We tried to mirror the population and analyses conducted in EPIC-InterAct with those of the published studies reporting an interaction, and we showed comparable characteristics except with one study in which ethnicity was different (an Asian population was examined) (39). However, we cannot exclude possible heterogeneity between studies. This may include differences in study design (only one published study used a case-cohort study design similar to EPIC-InterAct) and unmeasurable inconsistencies in dietary exposures (e.g., food composition, preparation methods, measurement tool used, coding of exposures) between countries within EPIC-InterAct and between EPIC-InterAct and the published studies. Indeed, this was evident for the interaction between CAV2 with total fat and SFAs, which showed center specificity. Within the German centers, an interaction was detected for the Potsdam EPIC-InterAct center but not Heidelberg, resulting in an overall lack of interaction for Germany. However, the percentage of total variation attributable to heterogeneity across the countries within EPIC-InterAct was low to moderate for interactions under the replication model (I2: 14–30%). The consistently null findings across different countries of EPIC-InterAct strengthen the inference from this overall null finding. Another possible contributor to the disparity between results (e.g., relating to TCF7L2 and dietary fiber) may be overestimation by certain estimation parameters (e.g., ORs), which could lead to an inflated difference between fiber categories (54).
The methodologic issues described above highlight difficulties in discerning whether type I error or true heterogeneity underlies the inconsistencies we observed and are similar to those faced in the broader gene-environmental literature (51, 55). For gene-environment interactions, recommendations have been made for improving standards in design, analysis, and reporting, which are also relevant for gene-diet studies (14, 24). For example, Cornelis suggested minimizing publication bias by publishing both positive and negative interaction findings and reporting them in supplemental materials if necessary (14).
Strengths and limitations
A potential limitation of our systematic review is that the heterogeneity between the published studies (i.e., in study design, statistical analysis, and reporting) did not enable a quantitative synthesis (e.g., meta-analysis) or formal statistical evaluation of publication bias, as previously demonstrated by Palla et al. (20). We did, however, use a comprehensive search strategy and attempted to minimize publication bias by contacting authors of studies possibly examining interactions (n = 4).
As the largest study of incident T2D cases (>5 times that of previous studies) with both genetic data as well as measures of self-reported macronutrient intake and objective circulating FAs to date, EPIC-InterAct is well positioned to examine these reported interactions (power calculations available in Supplemental Table 6).

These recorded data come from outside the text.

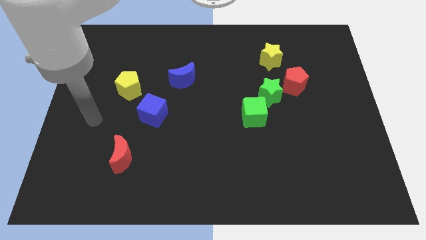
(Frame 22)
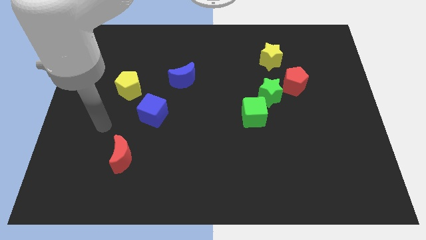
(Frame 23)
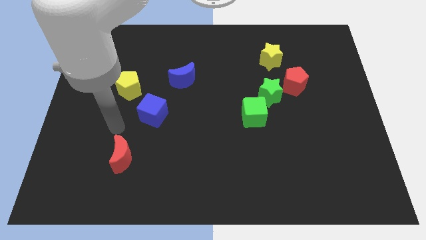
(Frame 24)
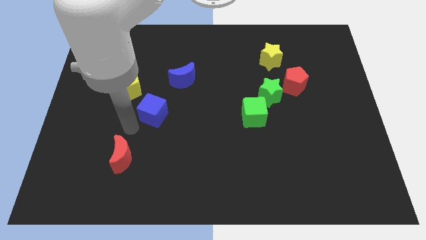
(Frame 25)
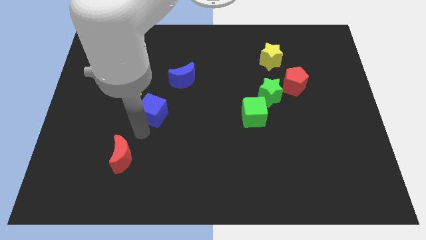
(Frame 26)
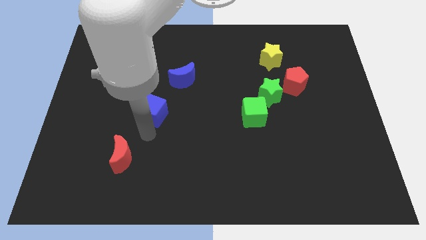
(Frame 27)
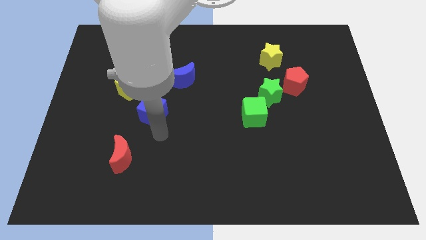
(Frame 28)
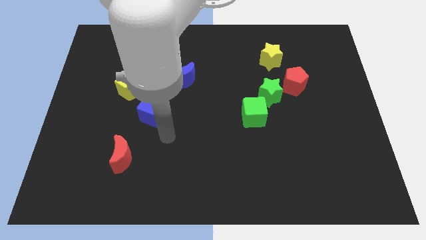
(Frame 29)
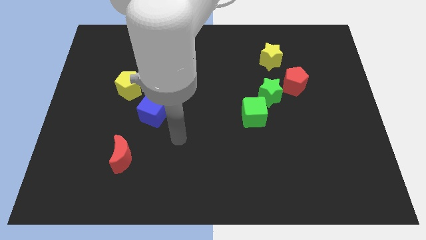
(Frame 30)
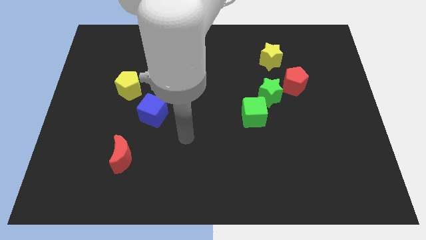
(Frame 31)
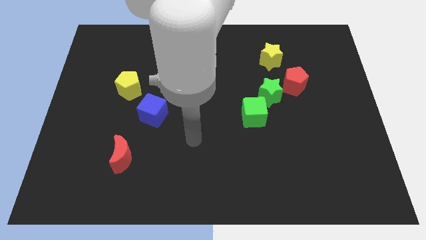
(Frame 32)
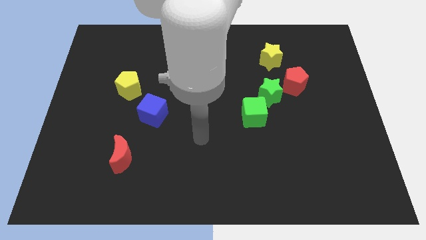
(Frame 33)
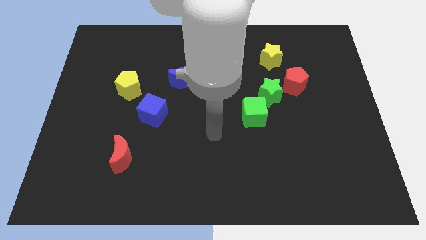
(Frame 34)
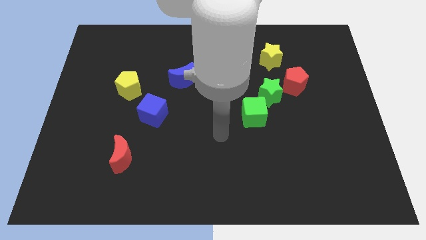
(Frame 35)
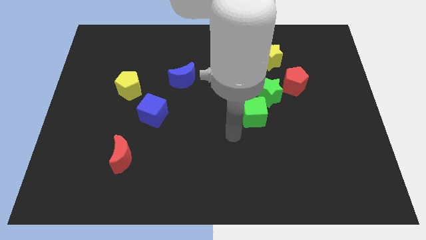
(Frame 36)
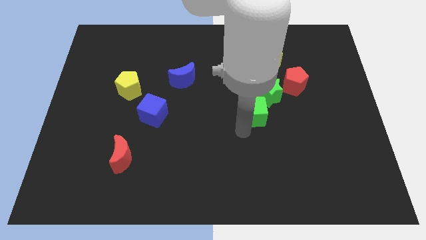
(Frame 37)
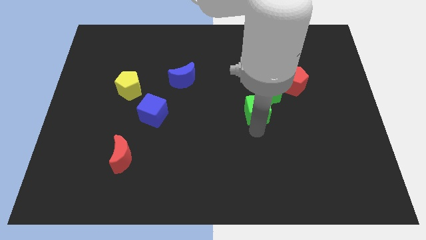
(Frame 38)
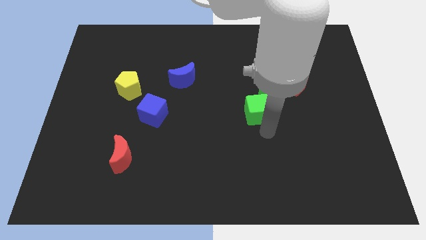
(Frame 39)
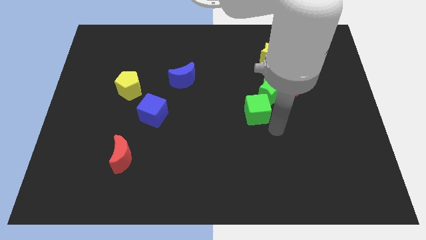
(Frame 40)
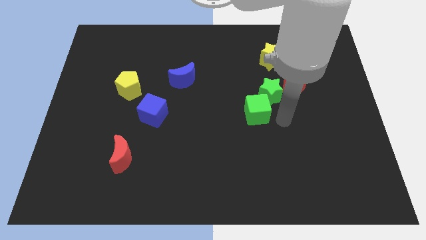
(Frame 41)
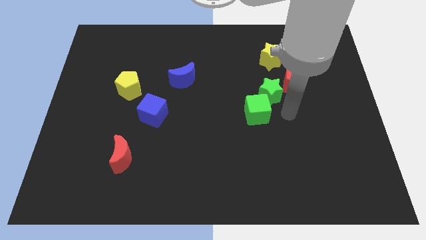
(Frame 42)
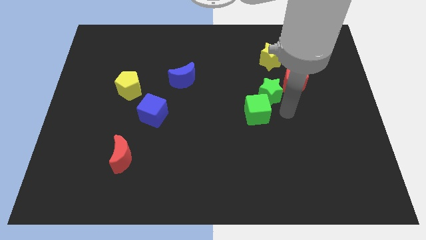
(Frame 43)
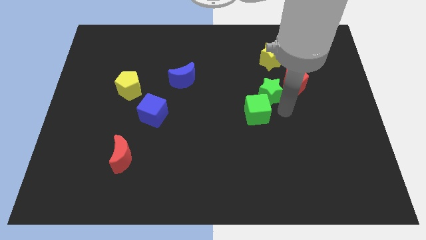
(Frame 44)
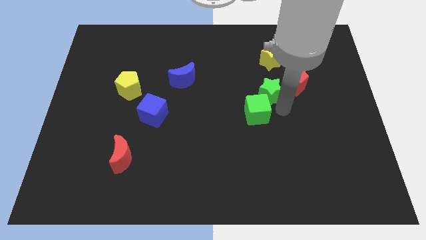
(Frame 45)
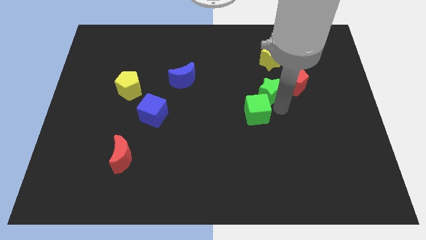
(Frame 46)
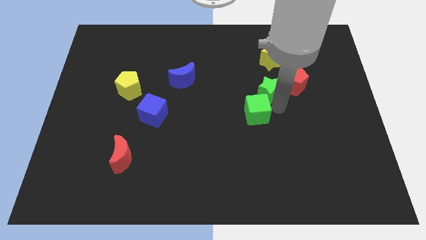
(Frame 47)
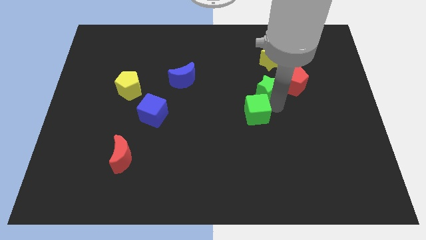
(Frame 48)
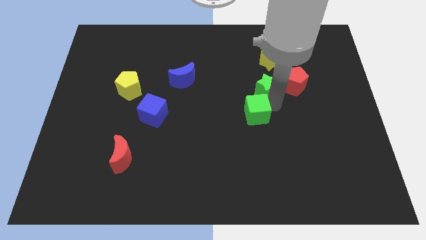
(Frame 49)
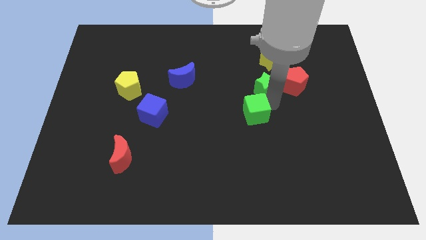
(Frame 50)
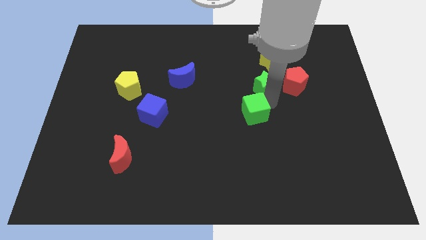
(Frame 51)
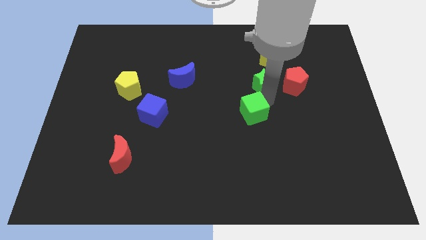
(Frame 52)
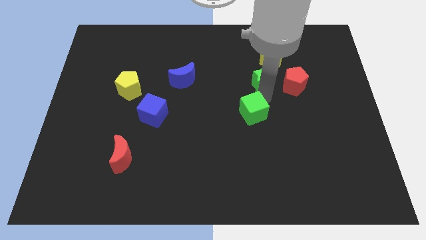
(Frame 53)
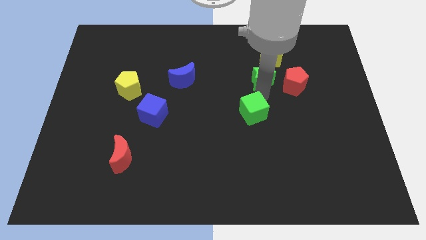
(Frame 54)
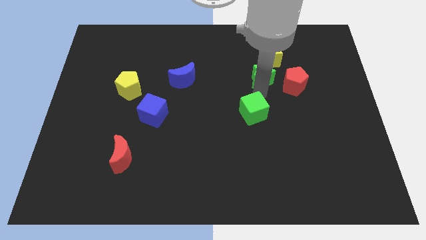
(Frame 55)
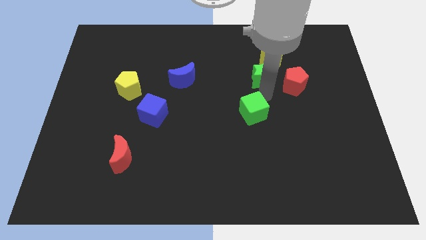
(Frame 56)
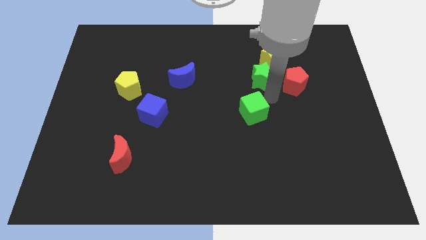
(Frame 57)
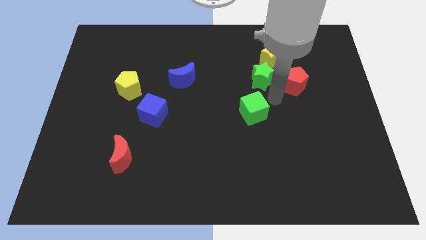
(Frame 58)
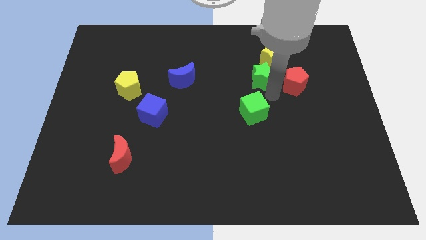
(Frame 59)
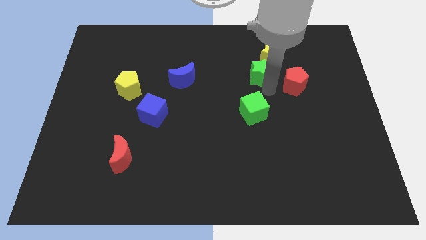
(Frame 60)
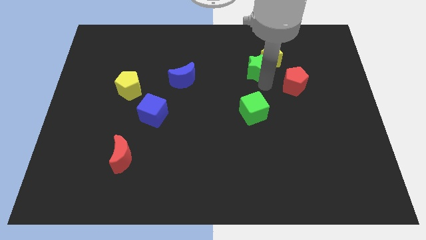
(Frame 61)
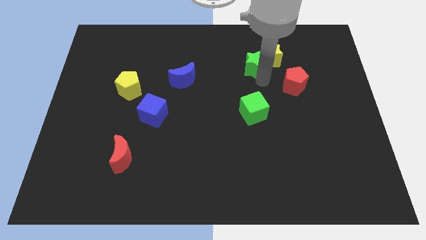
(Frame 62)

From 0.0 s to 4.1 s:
separate the green star from the red pentagon and green cube

The prospective design minimizes the potential bias owing to reverse causality for dietary exposures. In addition, to our knowledge, this is the first study of gene-macronutrient interactions that has investigated the effect of isocaloric macronutrient substitution in the observational setting. This is important for public health interpretation of macronutrient density if total daily energy intake is fixed, because the benefit of decreasing one macronutrient may be dependent on which macronutrient replaces it. Several limitations must be considered while interpreting these results. Our analyses only investigated a select number of interactions that have been reported in the literature. Hence, this does not preclude the possibility that there may be interactions between other dietary factors (including foods and dietary patterns) and other genes or combined gene scores. Moreover, our focus was on examining possible type I error. Given that we did not examine interactions that did not reach statistical significance in published studies (possible type II error), we cannot preclude the presence of genuine interactions among those loci we did not test. Alternative study designs may be better suited to investigate the presence of these interactions (56). Variations in dietary assessment between EPIC-InterAct centers may contribute to potential variation in measurement error for macronutrients. The current literature consists of studies primarily from European populations, which limits the generalizability of our findings.

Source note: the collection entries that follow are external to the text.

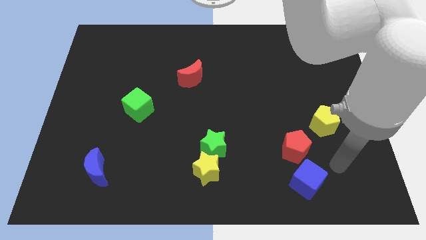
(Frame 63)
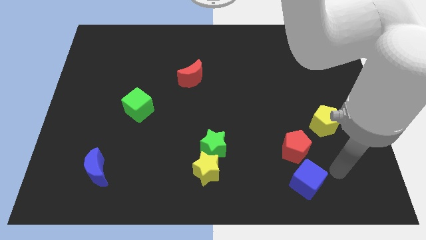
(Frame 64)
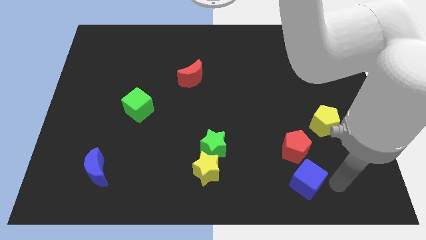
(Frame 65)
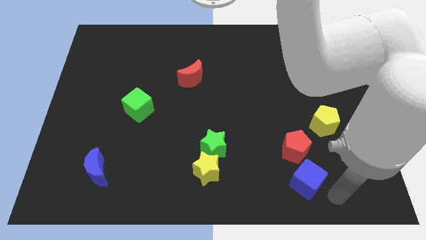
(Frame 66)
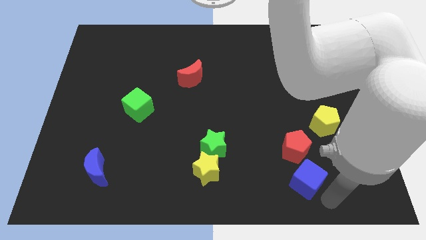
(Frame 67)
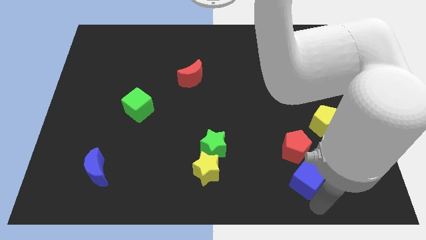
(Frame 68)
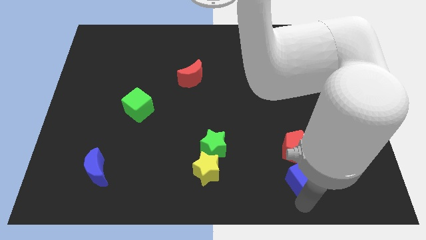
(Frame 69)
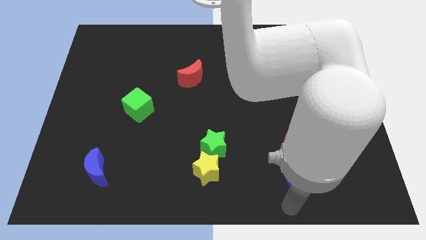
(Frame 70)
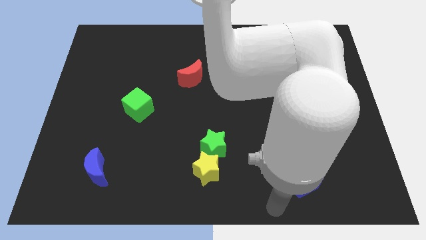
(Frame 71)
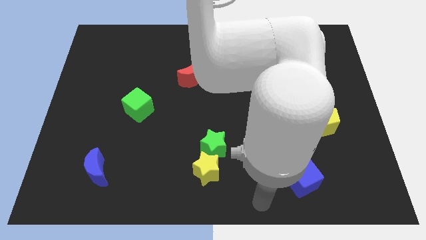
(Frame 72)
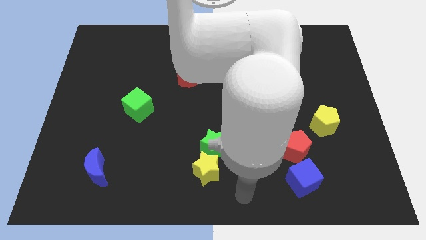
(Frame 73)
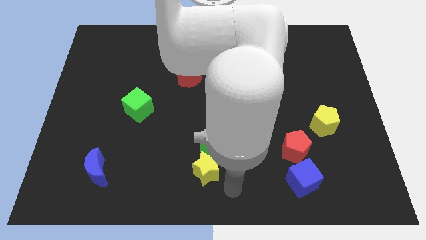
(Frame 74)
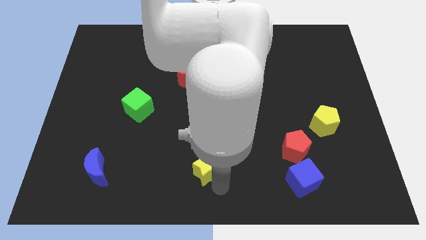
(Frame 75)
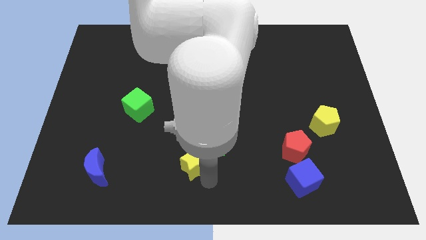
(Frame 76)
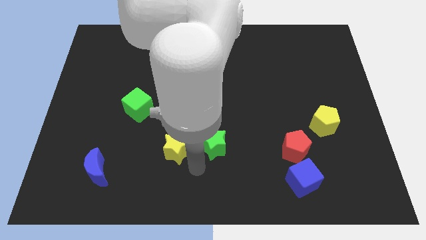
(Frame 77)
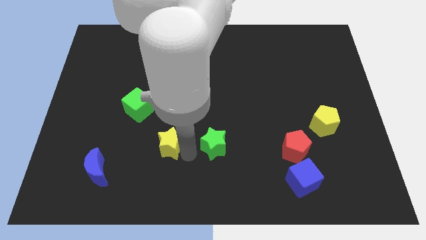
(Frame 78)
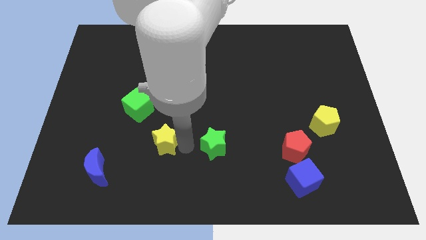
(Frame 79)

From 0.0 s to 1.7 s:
separate the green star from the yellow star

Implications for public health and research
Our study highlights the importance of independent replication in studying interactions and the need to improve standards in conducting and reporting future interactions. Moreover, our review reveals a gap in noncandidate gene approaches to examining gene-macronutrient interactions. This includes genetic risk scores and genome-environment–wide interaction studies. Given that we found no promising gene-macronutrient interactions and that genetic variants most relevant for interactions may be those with weak or no marginal effects (7, 57), genome environment–wide interaction studies may aid in discovering novel interactions at potentially unexpected genetic loci. Furthermore, we highlight that on the basis of the interactions examined here, there is currently no evidence to support genetic personalization of macronutrient intake recommendations as a strategy to prevent T2D.
Based on the issues highlighted in our review, we recommend that investigators consider the following in future research examining gene-macronutrient interactions. Within-study considerations include 1) specifying the hypothesis of the study and accounting for multiple testing, as appropriate; 2) reporting all interaction results and whether they were analyzed as preplanned or post hoc, regardless of whether findings are positive, negative, or null; and 3) ensuring that notable interaction findings are accompanied by independent replication where possible (if this is not feasible, the reasons for and validity of nonreplicated findings should be discussed). General considerations for studies within the field include 1) improving consistency and standards in examining and reporting interactions (14, 24, 58), 2) conducting studies examining non-European populations, and 3) applying isocaloric macronutrient substitution.
In conclusion, although there is growing interest in personalized diets to more effectively combat T2D, none of the gene-macronutrient interactions currently reported in the literature could be replicated in a large-scale EPIC-InterAct study. Improving standards in examining and reporting interactions, including independent replication, will be vital to making progress in this area.
Acknowledgments
We thank all participants and staff who contributed to the study within their respective EPIC center. We thank Nicola Kerrison [Medical Research Council (MRC) Epidemiology Unit, Cambridge, United Kingdom] for managing the data for the InterAct project. We thank staff from the Technical, Field Epidemiology, and Data Functional Group Teams of the MRC Epidemiology Unit in Cambridge for carrying out sample preparation, DNA provision and quality control, genotyping, and data-handling work. SXL thanks the Commonwealth Scholarship Commission and the Cambridge Trust for supporting her PhD studies.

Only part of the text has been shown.